-------- INFORMATION --------
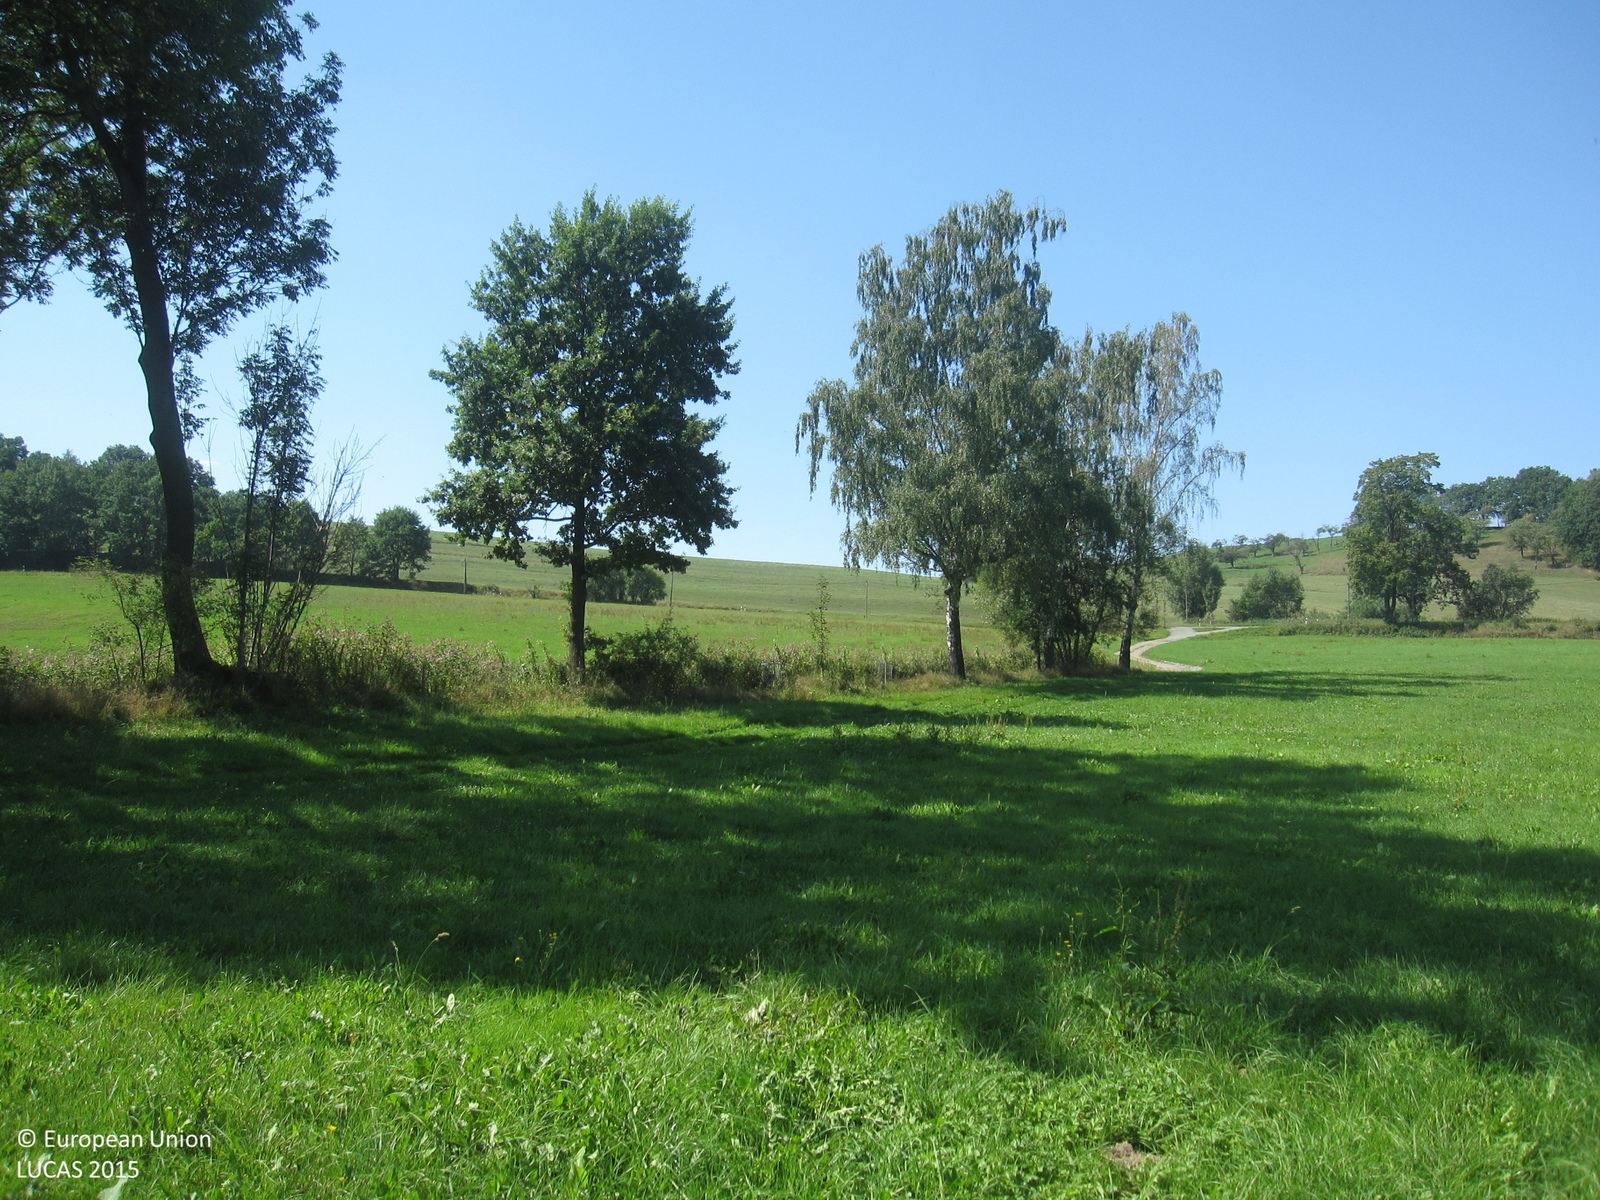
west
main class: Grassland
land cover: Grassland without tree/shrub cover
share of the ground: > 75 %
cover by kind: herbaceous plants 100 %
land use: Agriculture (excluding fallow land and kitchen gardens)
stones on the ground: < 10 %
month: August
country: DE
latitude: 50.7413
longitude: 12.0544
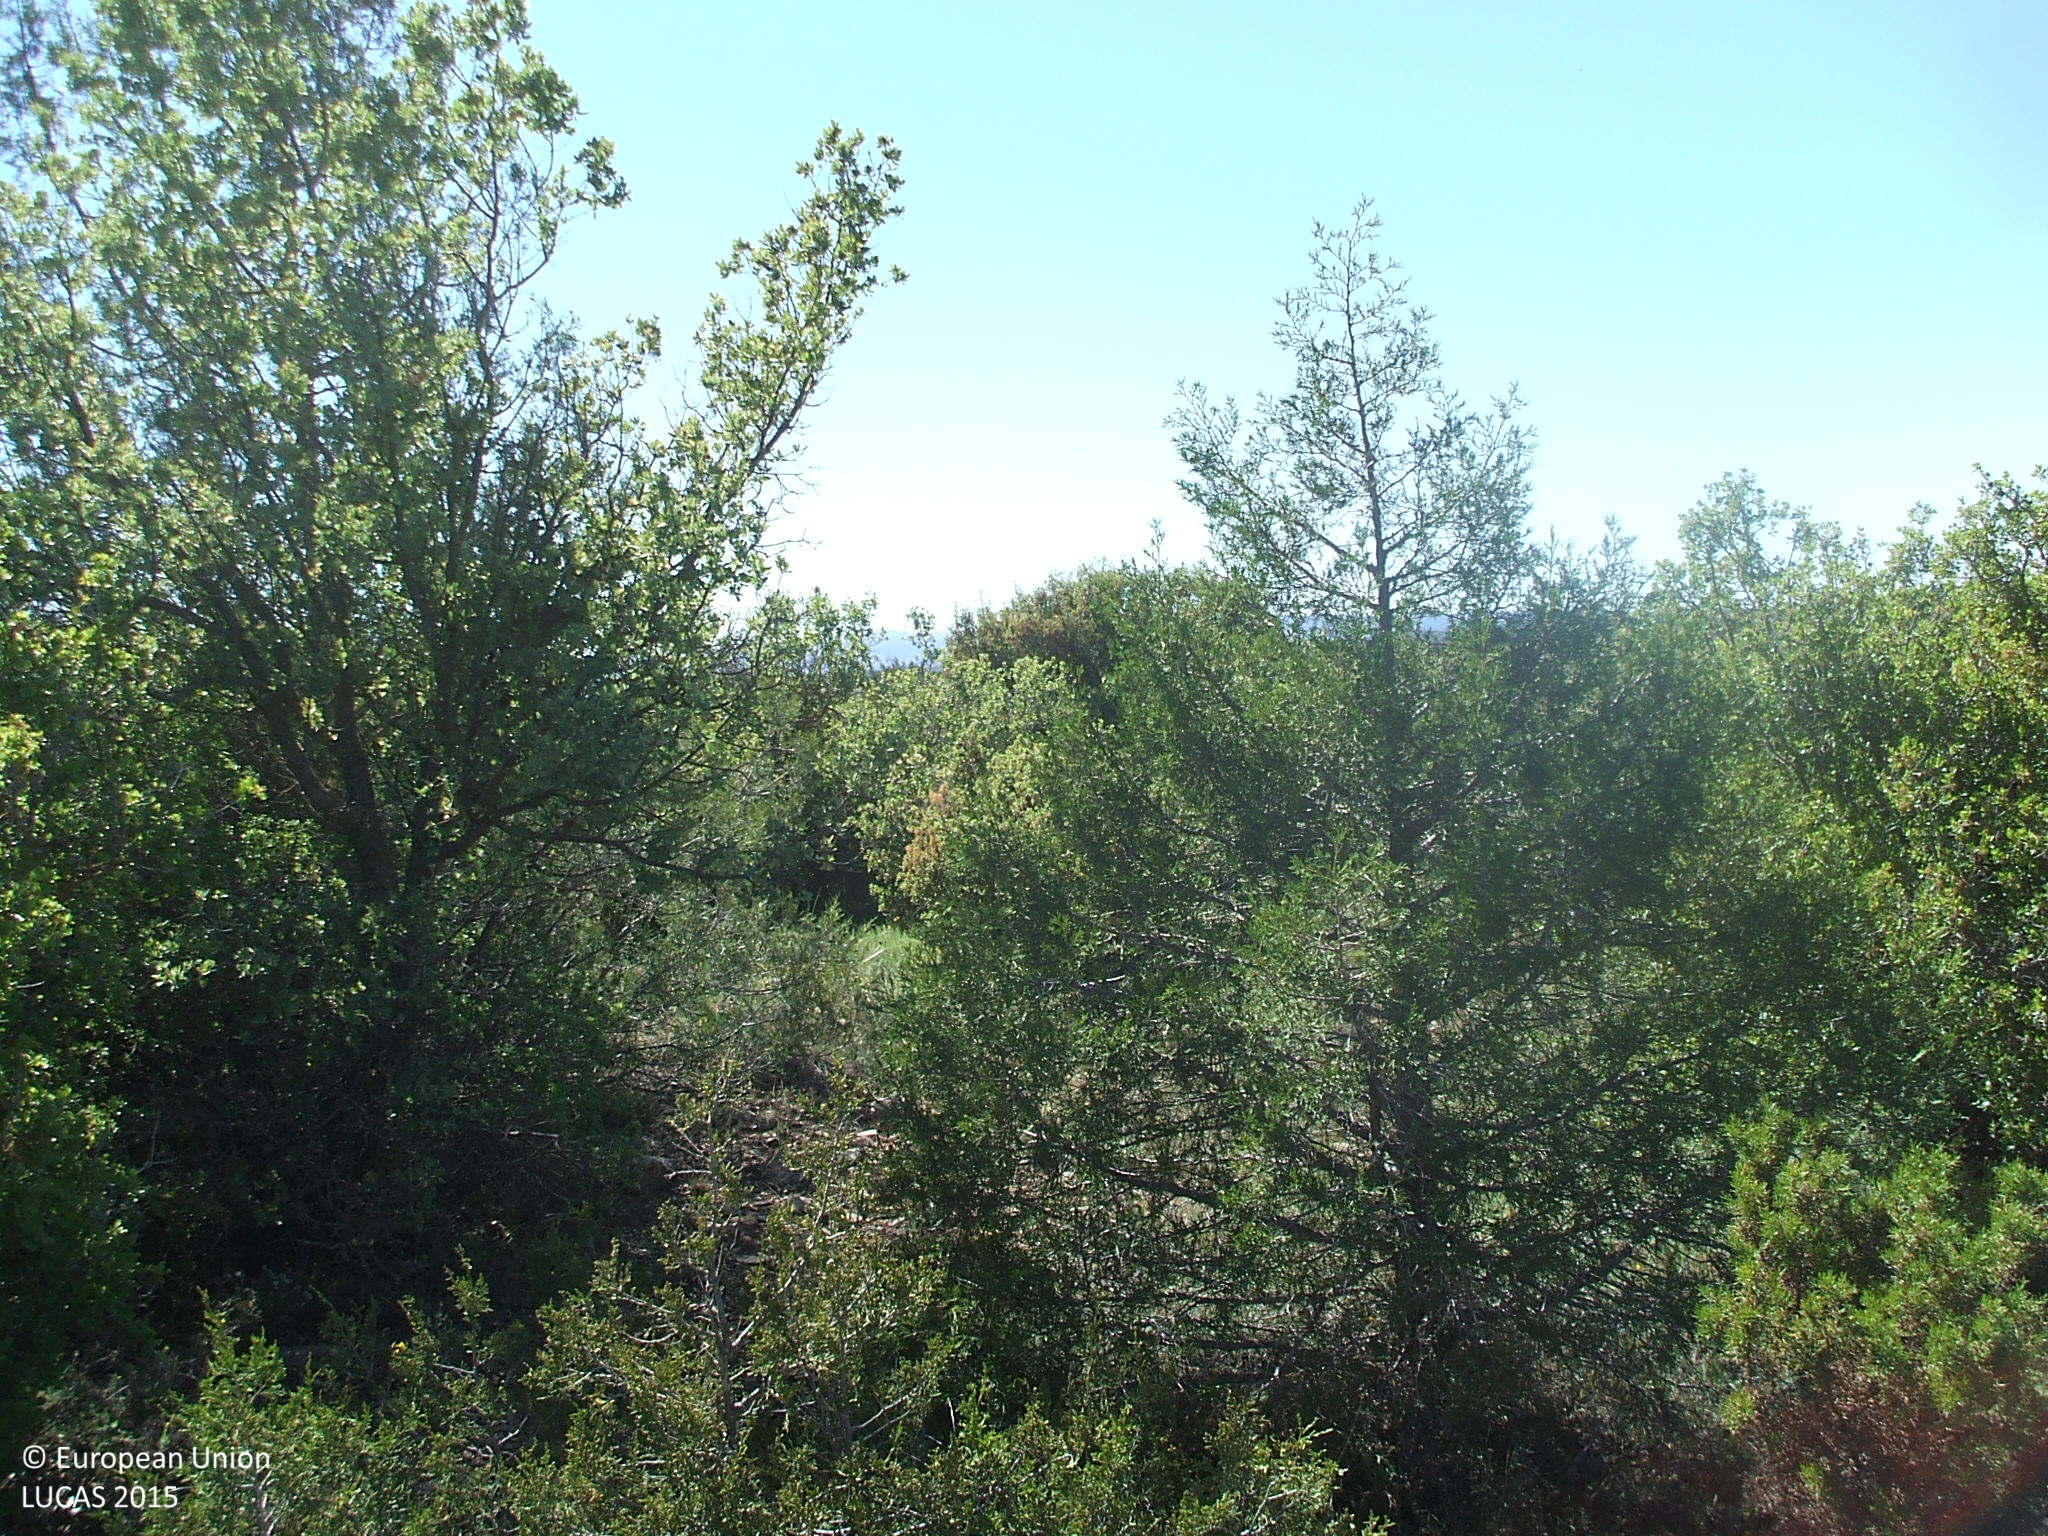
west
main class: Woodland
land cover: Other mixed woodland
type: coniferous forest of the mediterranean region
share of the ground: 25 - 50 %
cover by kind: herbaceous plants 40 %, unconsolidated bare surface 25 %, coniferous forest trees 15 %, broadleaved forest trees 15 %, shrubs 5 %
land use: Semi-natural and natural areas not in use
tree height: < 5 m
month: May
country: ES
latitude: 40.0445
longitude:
--------
### EXERCISE OBJECTIVE
Repeat the material above exactly, so that every entry appears but no picture does.

### SOLVED EXERCISE
west
main class: Grassland
land cover: Grassland without tree/shrub cover
share of the ground: > 75 %
cover by kind: herbaceous plants 100 %
land use: Agriculture (excluding fallow land and kitchen gardens)
stones on the ground: < 10 %
month: August
country: DE
latitude: 50.7413
longitude: 12.0544
west
main class: Woodland
land cover: Other mixed woodland
type: coniferous forest of the mediterranean region
share of the ground: 25 - 50 %
cover by kind: herbaceous plants 40 %, unconsolidated bare surface 25 %, coniferous forest trees 15 %, broadleaved forest trees 15 %, shrubs 5 %
land use: Semi-natural and natural areas not in use
tree height: < 5 m
month: May
country: ES
latitude: 40.0445
longitude:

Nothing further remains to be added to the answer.